Dataset entries:

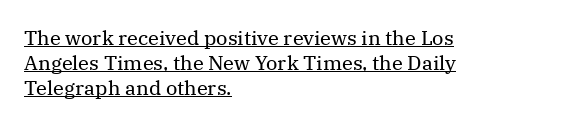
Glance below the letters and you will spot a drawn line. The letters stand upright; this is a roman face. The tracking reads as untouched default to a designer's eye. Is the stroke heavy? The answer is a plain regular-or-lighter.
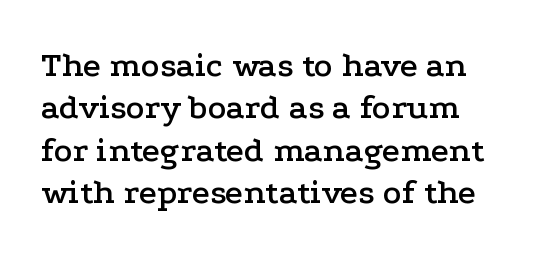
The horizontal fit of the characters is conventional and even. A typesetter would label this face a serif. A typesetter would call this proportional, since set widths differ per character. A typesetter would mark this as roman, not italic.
* * *
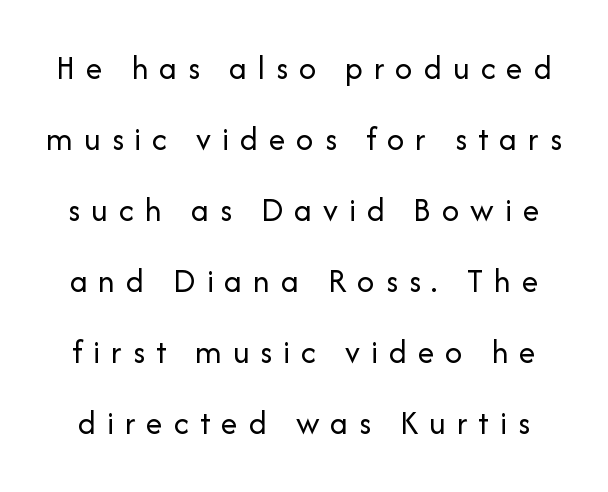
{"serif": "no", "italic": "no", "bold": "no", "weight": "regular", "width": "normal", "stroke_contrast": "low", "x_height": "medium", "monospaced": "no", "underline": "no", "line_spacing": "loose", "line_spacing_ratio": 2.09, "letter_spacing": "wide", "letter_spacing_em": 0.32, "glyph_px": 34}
--
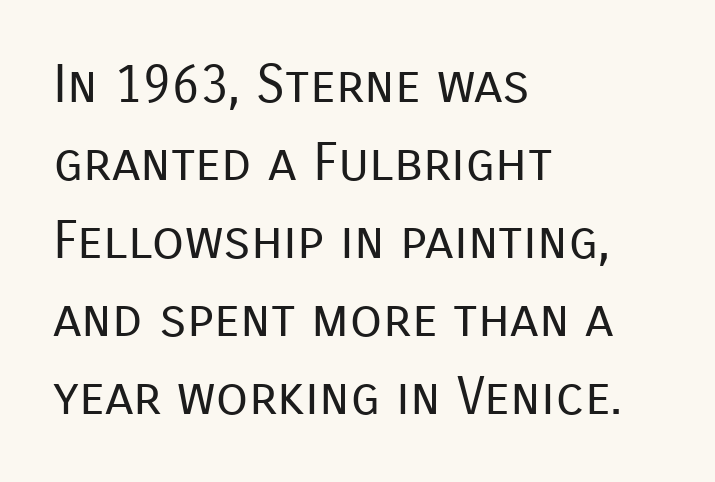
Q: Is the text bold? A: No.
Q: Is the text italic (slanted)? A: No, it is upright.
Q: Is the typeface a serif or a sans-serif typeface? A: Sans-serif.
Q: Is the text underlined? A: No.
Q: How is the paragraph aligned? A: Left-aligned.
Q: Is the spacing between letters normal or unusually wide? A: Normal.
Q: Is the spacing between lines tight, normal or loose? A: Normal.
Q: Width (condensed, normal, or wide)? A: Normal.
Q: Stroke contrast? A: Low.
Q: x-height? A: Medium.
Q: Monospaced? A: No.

Task description: For this exercise, repeat exactly the lines of the data above from the one with "Q: Width (condensed, normal, or" down to the one with "Q: Monospaced? A: No.", both end lines included.

Solution for this problem:
Q: Width (condensed, normal, or wide)? A: Normal.
Q: Stroke contrast? A: Low.
Q: x-height? A: Medium.
Q: Monospaced? A: No.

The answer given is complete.